> **Action item**: Copy the data verbatim and leave out every picture.

Information supplied: Begin

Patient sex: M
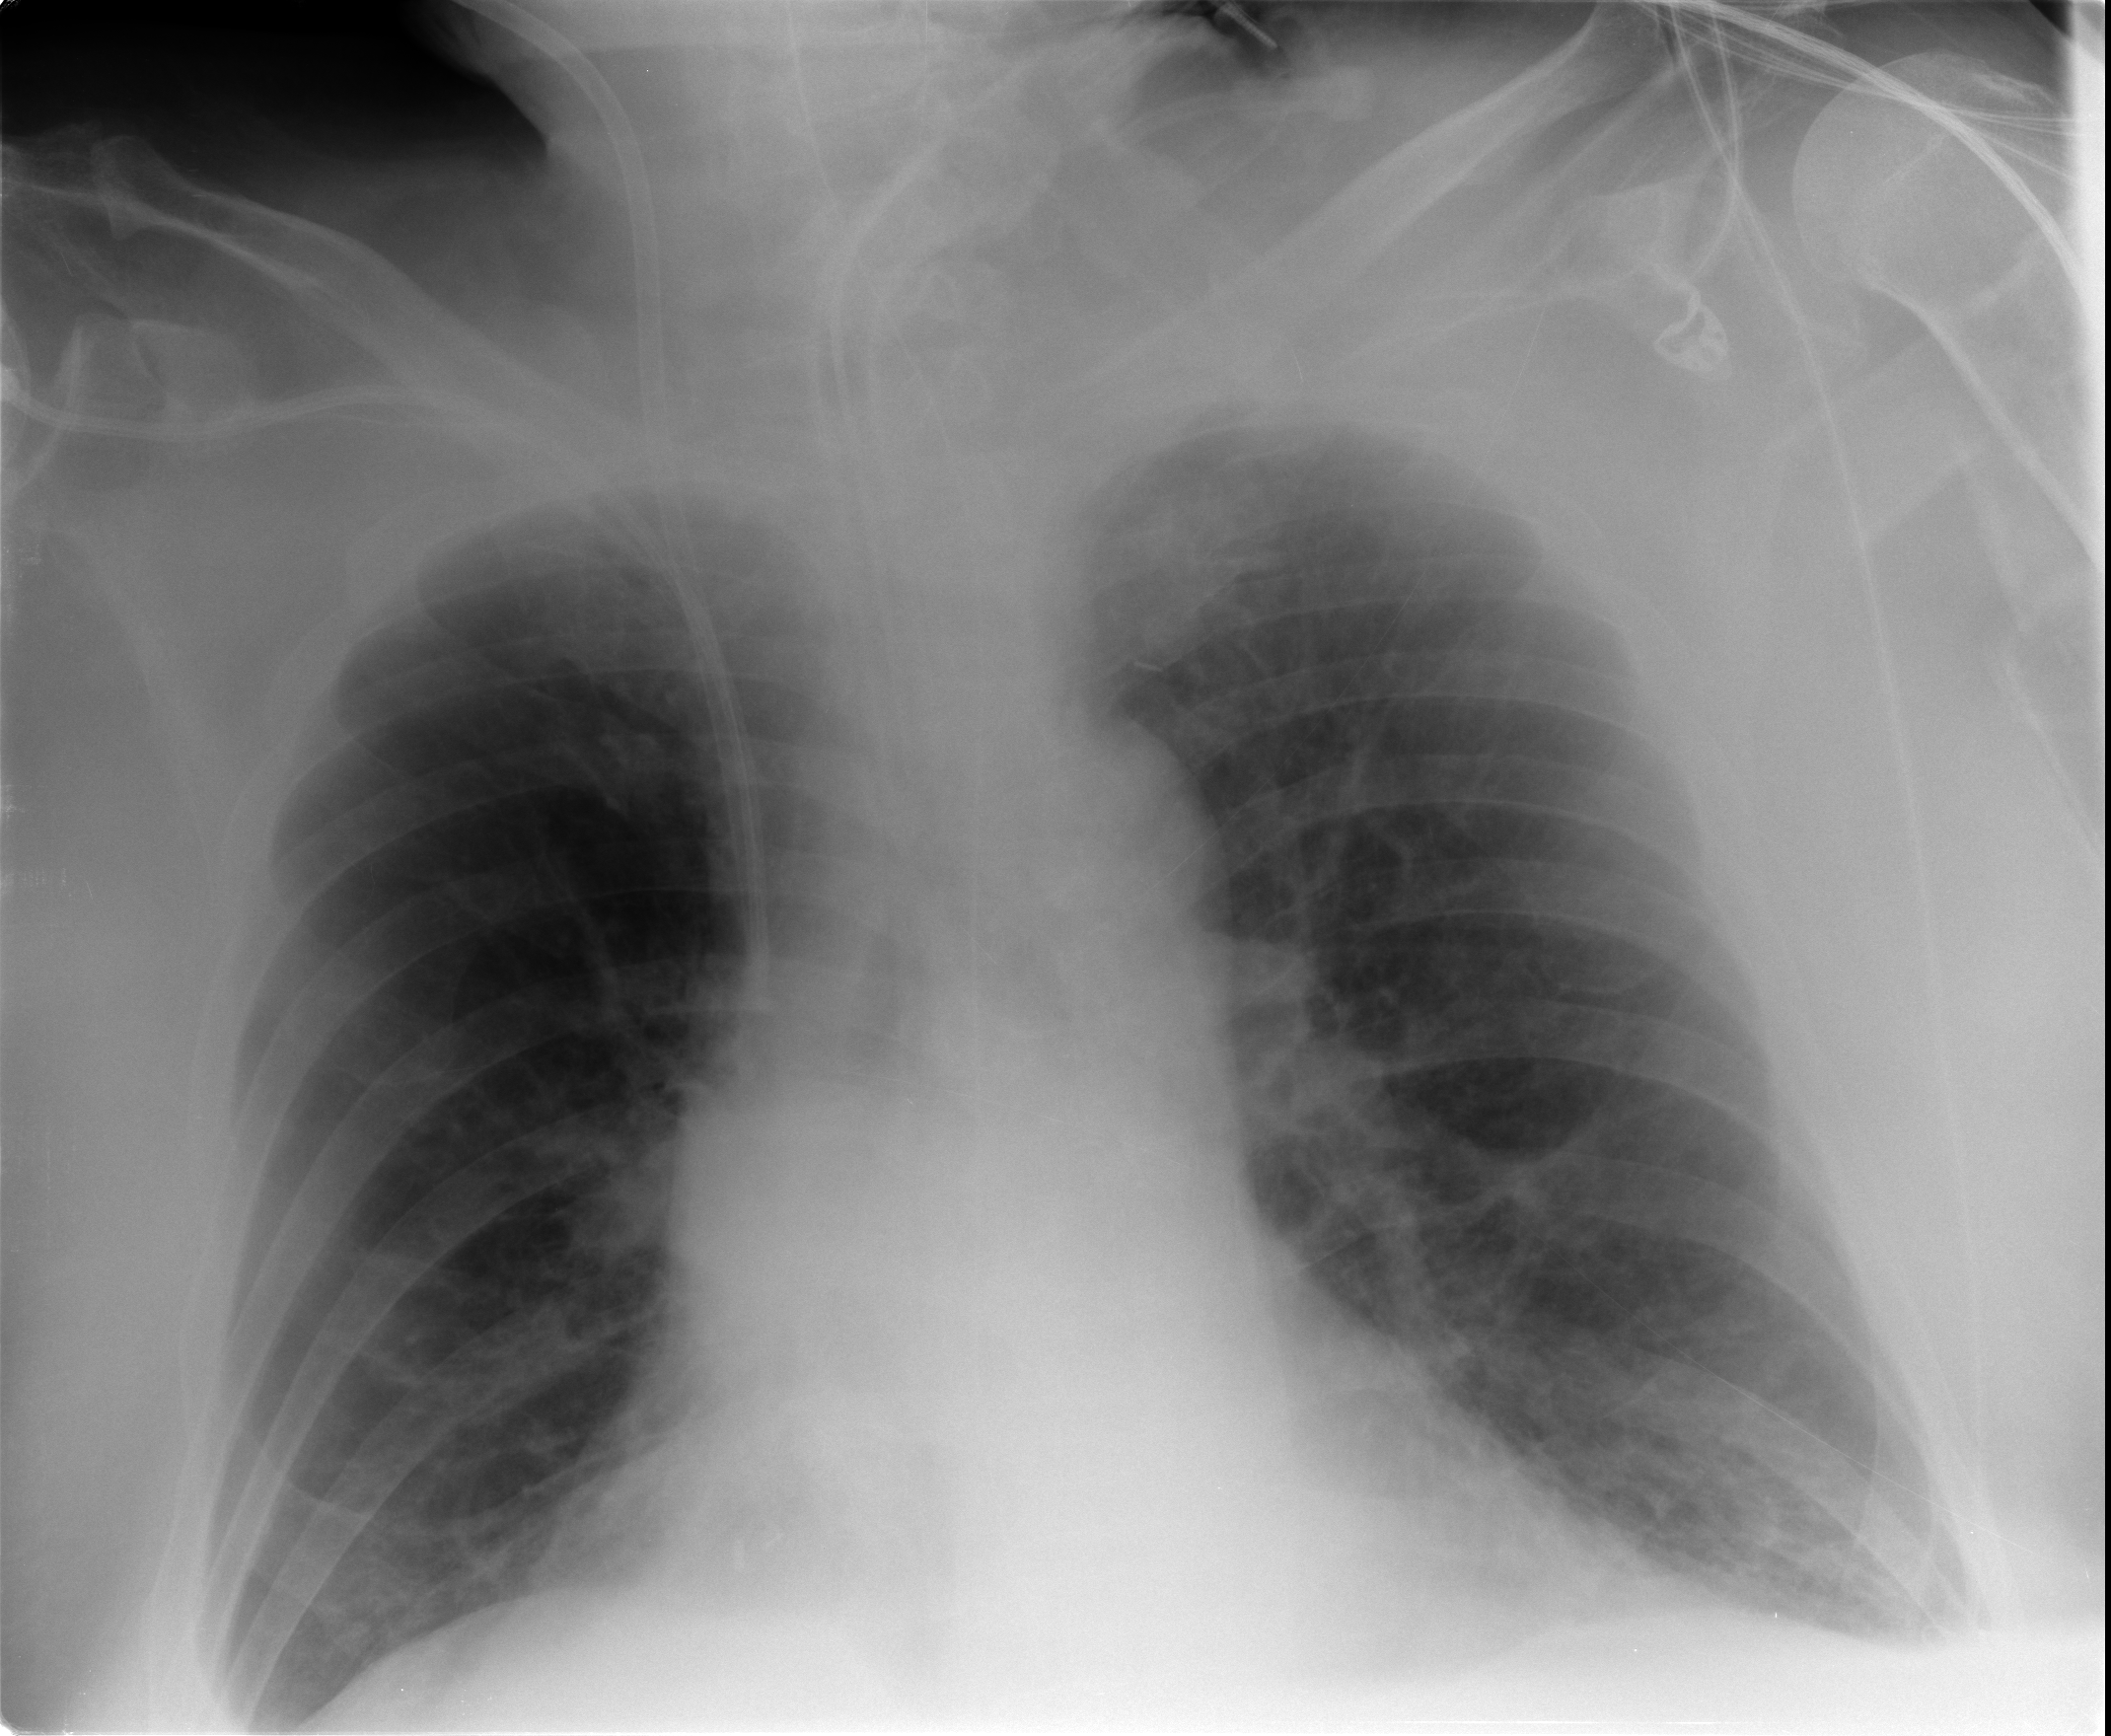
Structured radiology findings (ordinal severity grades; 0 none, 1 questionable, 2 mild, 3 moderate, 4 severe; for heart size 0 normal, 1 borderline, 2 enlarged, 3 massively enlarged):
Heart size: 2
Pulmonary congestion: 0
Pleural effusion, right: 1
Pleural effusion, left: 1
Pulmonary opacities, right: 0
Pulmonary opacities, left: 0
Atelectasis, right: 0
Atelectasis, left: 0
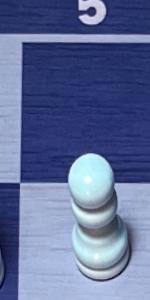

Information supplied: End

> **Exercise output**:
Patient sex: M
Structured radiology findings (ordinal severity grades; 0 none, 1 questionable, 2 mild, 3 moderate, 4 severe; for heart size 0 normal, 1 borderline, 2 enlarged, 3 massively enlarged):
Heart size: 2
Pulmonary congestion: 0
Pleural effusion, right: 1
Pleural effusion, left: 1
Pulmonary opacities, right: 0
Pulmonary opacities, left: 0
Atelectasis, right: 0
Atelectasis, left: 0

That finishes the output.